Sussex geographer Dr Pedram Rowhani, together with colleagues at McGill University and the University of British Columbia (UBC) in Canada, analysed national production data from the United Nation’s Food and Agriculture Organization for 16 cereals in 177 countries. They also examined 2,800 international weather disasters from 1964 to 2007 and found that droughts cut a country’s crop production by 10 percent, and heat waves by 9 percent.
Dr Rowhani said: “This study shows for the first time how droughts and heatwaves significantly damage crop production globally, and how the losses have varied across different regions and throughout time. The frequency and severity of these disasters is expected to increase in many regions of the world and it is crucial to adapt our farming practices to better resist such extreme weather events if we want to ensure food security.”
They found that, from 1985 to 2007, droughts caused cereal production losses averaging 13.7%, up from 6.7% for the period from 1964 to 1984.
“We found that the average impact of drought disasters on crops has gotten worse, but it is still debated whether droughts themselves have gotten more severe [or] crops have gotten more susceptible to drought over the decades,’’ said Lesk, a recent graduate of McGill’s Department of Geography and first author of the study. “That could mean, speculatively, that we’re already on the wrong path with regard to climate adaptation.’’
Production levels in the more technically advanced agricultural systems of North America, Europe and Australasia dropped by an average of 19.9% because of droughts – roughly double the global average. However, extreme cold events and floods had no significant impact on crop production.
Corey Lesk said the greater production impacts from drought in developed countries may reflect differences in scale and methods of farming in wealthier countries, compared with the developing world.
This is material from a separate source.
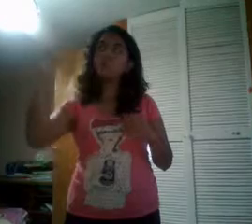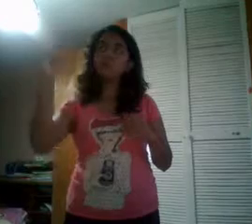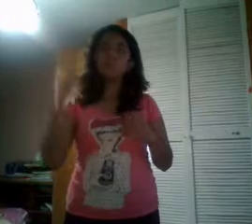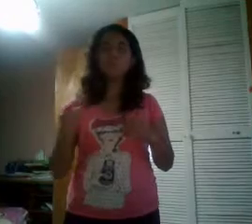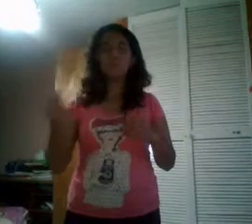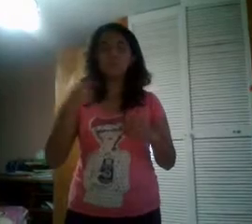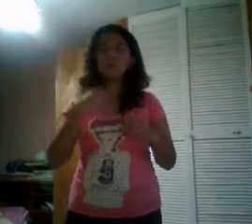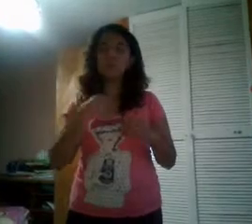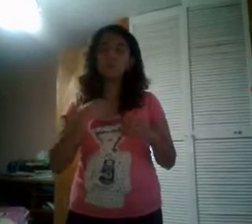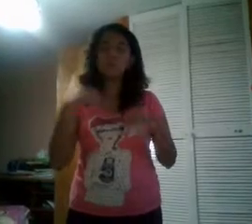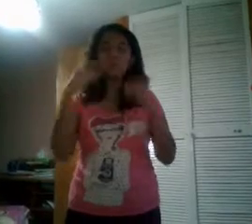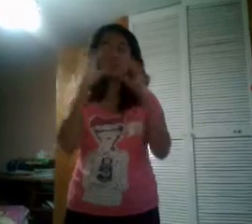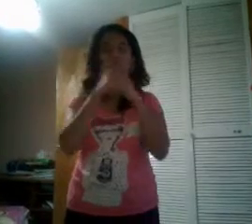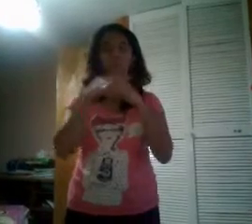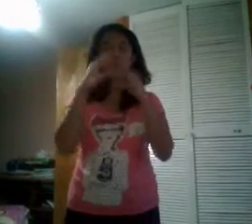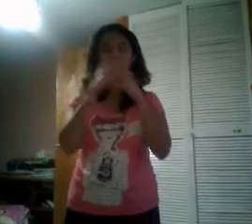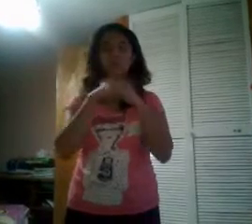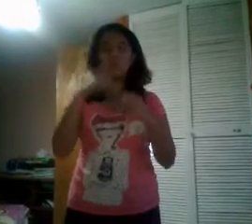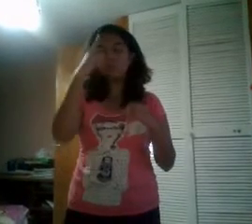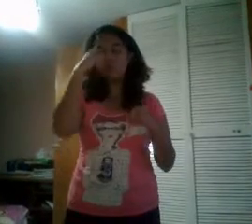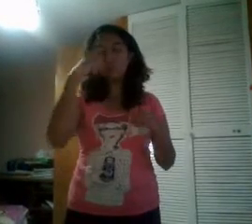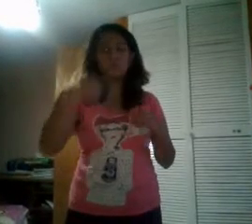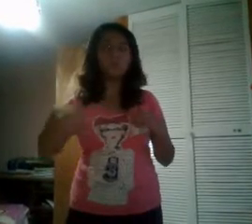Canto para que mi pertenezas,

Senior author Navin Ramankutty, professor of global food security and sustainability at UBC’s Liu Institute for Global Issues and Institute for Resources, Environment and Sustainability, said the findings may help guide agricultural priorities and adaptation efforts, to better protect the most vulnerable farming systems and the populations that depend on them.
“We don’t think about it much, but rice, wheat and maize alone provide more than 50 percent of global calories,” Dr. Ramankutty said. “When these grain baskets are hit, it results in food price shocks, which leads to increasing hunger.”
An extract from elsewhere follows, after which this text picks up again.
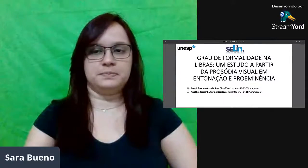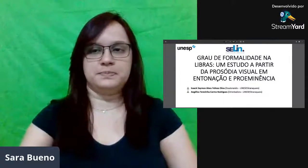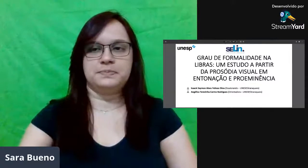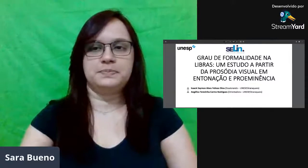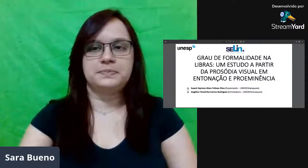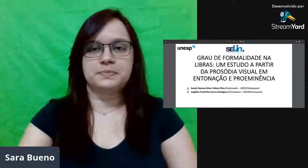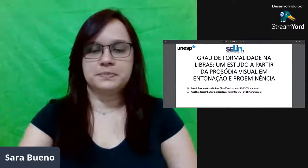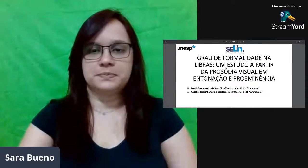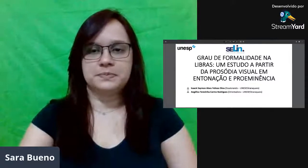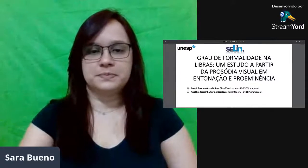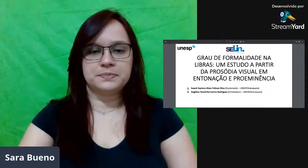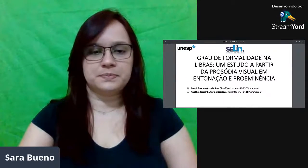Tudo certo?

One bright note does emerge from the analysis: the extreme weather events had no significant lasting impact on agricultural production in the years following the disasters.
The researchers also included extreme cold events and floods in their analysis, but found no significant impact on crop production. One possible explanation is that floods tend to occur in the spring in temperate regions, and susceptibility to cold weather in most agricultural regions is outside the growing season – such as the recent floods in Scotland and Cumbria. So many of the flood and extreme cold disasters may have had little effect on harvest levels.
Notes for editors
- The research was supported by a Discovery Grant from the Natural Sciences and Engineering Research Council of Canada.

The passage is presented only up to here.